Step 2: Key Formula or Approach:
1. Determine the dimensions (length, width, height) of the resulting open box in terms of x.
2. Write the volume function \( V(x) \).
3. Find the derivative \( V'(x) \) and set it to zero to find critical points.
4. Use the second derivative test, \( V''(x) \), to confirm that the critical point corresponds to a maximum.
Step 3: Detailed Explanation:
The original sheet has dimensions L = 8 m and W = 3 m.
When squares of side x are cut from each corner, the sheet is folded up. The dimensions of the resulting box will be:
- Height: \( h = x \) - Length: \( l = 8 - 2x \) - Width: \( w = 3 - 2x \) The volume of the box is \( V(x) = l \cdot w \cdot h \). \[ V(x) = (8 - 2x)(3 - 2x)x \] \[ V(x) = (24 - 16x - 6x + 4x^2)x \] \[ V(x) = 4x^3 - 22x^2 + 24x \] For the dimensions to be positive, we must have \( x>0 \), \( 3 - 2x>0 \implies x<1.5 \), and \( 8 - 2x>0 \implies x<4 \). The valid domain for x is \( 0<x<1.5 \).

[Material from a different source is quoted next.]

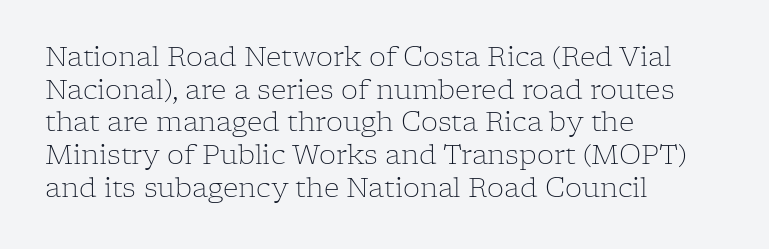
The image shows 27 px text type, upright; set left-aligned, line spacing 1.21x, normal letter spacing, not underlined.
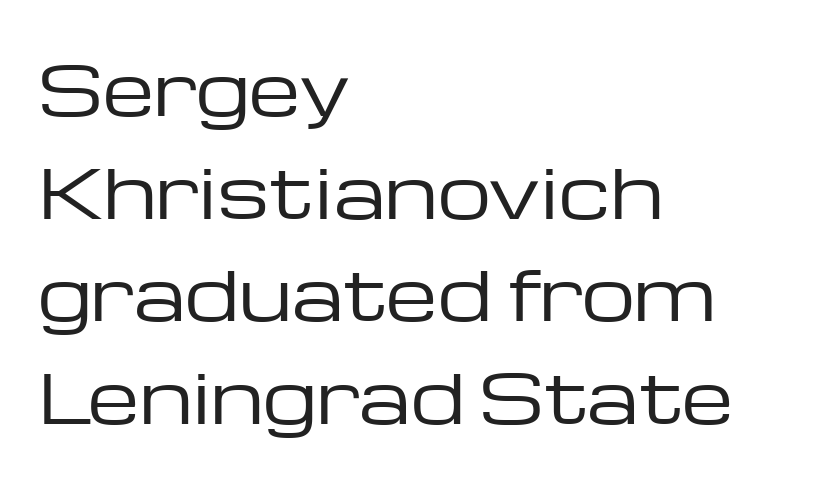
The image shows 67 px regular-weight, wide sans-serif type, upright; set left-aligned, normal line spacing (1.53x), normal letter spacing, not underlined; low stroke contrast and a medium x-height.

Now, we find the first derivative to find critical points: \[ V'(x) = \frac{dV}{dx} = 12x^2 - 44x + 24 \] Set \( V'(x) = 0 \): \[ 12x^2 - 44x + 24 = 0 \] Divide by 4: \[ 3x^2 - 11x + 6 = 0 \] Factor the quadratic equation: \[ (3x - 2)(x - 3) = 0 \] The possible values for x are \( x = \frac{2}{3} \) or \( x = 3 \).
From our domain \( 0<x<1.5 \), the only valid solution is \( x = \frac{2}{3} \).
To confirm this is a maximum, we use the second derivative test: \[ V''(x) = 24x - 44 \] \[ V''\left(\frac{2}{3}\right) = 24\left(\frac{2}{3}\right) - 44 = 16 - 44 = -28 \] Since \( V''\left(\frac{2}{3}\right)<0 \), the volume is maximum at \( x = \frac{2}{3} \).
Calculate the maximum volume: \[ V\left(\frac{2}{3}\right) = 4\left(\frac{2}{3}\right)^3 - 22\left(\frac{2}{3}\right)^2 + 24\left(\frac{2}{3}\right) \] \[ = 4\left(\frac{8}{27}\right) - 22\left(\frac{4}{9}\right) + 16 \] \[ = \frac{32}{27} - \frac{88}{9} + 16 = \frac{32 - 264 + 432}{27} = \frac{200}{27} \] Step 4: Final Answer:
The maximum volume of the box is \( \frac{200}{27} \) cubic meters.